Brett Miller drove the four-year-old Art Major son to a 1:48.4 victory in the richest edition of Hoosier Park's signature race for trainer Jimmy Takter and the 3 Brothers Stables of New York.
The Burke-trained Bettors Edge (Ricky Macomber Jr.) fired across the track from post nine to take the lead off the gate over Lyonssomewhere (Andy Miller) and inside starter JK Endofanera. As he passed the opening quarter in a sizzling :25.3, Lyonssomewhere pulled the pocket and looped the early leader with 7-5 favourite Foiled Again (Yannick Gingras) racing up to challenge.
Foiled Again took over command at the half in :53.1 with fellow Burke stablemates Clear Vision (Trace Tetrick) left first over and a parked out All Bets Off (Matt Kakaley) second over in the outer flow.
Foiled Again and Clear Vision battled head-to-head past three-quarters in 1:21.1 with the latter taking over into the stretch and All Bets Off closing in. However, Brett Miller was able to maneuver JK Endofanera out from along the pylons and rallied outside of the top pair to score the two-length victory.

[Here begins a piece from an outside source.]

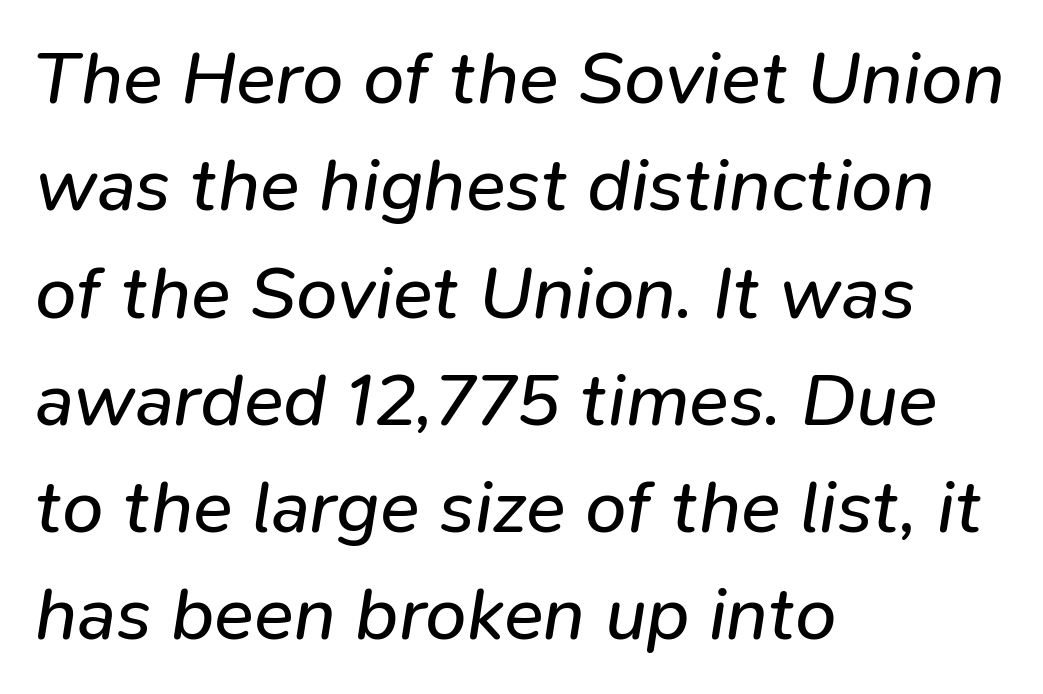
Style check: oblique. The strokes carry an ordinary text weight at most. The words here are not underlined. The compositor pushed each line to the left boundary. You could call the tracking neutral — neither tight nor loose. Character widths vary here, with narrow letters taking less room than wide ones.
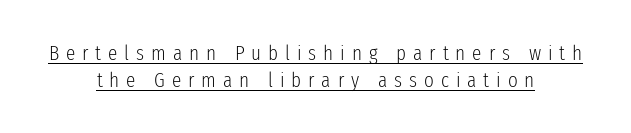
The image shows 21 px text type, upright; set centered, normal line spacing (1.28x), unusually wide letter spacing (+0.33 em), underlined.

JK Endofanera paid $6.40 to win as the 2-1 second choice. All Bets Off and Clear Vision finished second and third, respectively.

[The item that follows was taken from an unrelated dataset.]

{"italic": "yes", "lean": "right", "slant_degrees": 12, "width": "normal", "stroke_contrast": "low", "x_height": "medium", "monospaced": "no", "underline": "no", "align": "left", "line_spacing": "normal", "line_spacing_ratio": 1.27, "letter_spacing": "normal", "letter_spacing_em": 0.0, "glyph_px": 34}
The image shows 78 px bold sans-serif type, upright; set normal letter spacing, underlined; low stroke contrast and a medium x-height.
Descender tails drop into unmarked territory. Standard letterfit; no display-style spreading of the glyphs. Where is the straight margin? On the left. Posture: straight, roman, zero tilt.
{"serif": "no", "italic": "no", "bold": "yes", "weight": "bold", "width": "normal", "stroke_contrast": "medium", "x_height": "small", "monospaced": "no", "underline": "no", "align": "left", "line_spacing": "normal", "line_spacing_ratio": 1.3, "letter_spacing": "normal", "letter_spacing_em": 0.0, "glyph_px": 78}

"The race didn't quite shape up like I thought it would," said Miller. "Heading up the backside, I was a little worried. In the middle of the last turn I said it was just up to God now because we were buried on the rail, we had no shot, and things just opened up...This stretch here is such a long stretch and we used it to our advantage.
"Jimmy just got the horse maybe a few months ago and he's told me all along this horse is the real deal, which we know that, he won the North America Cup for the Burkes. But since Jimmy had this horse, he said I expect big things from him and he showed it tonight."
The win was the third in eight starts this year for JK Endofanera, who is a 17-time career winner with purse earnings totalling more than $1.75 million.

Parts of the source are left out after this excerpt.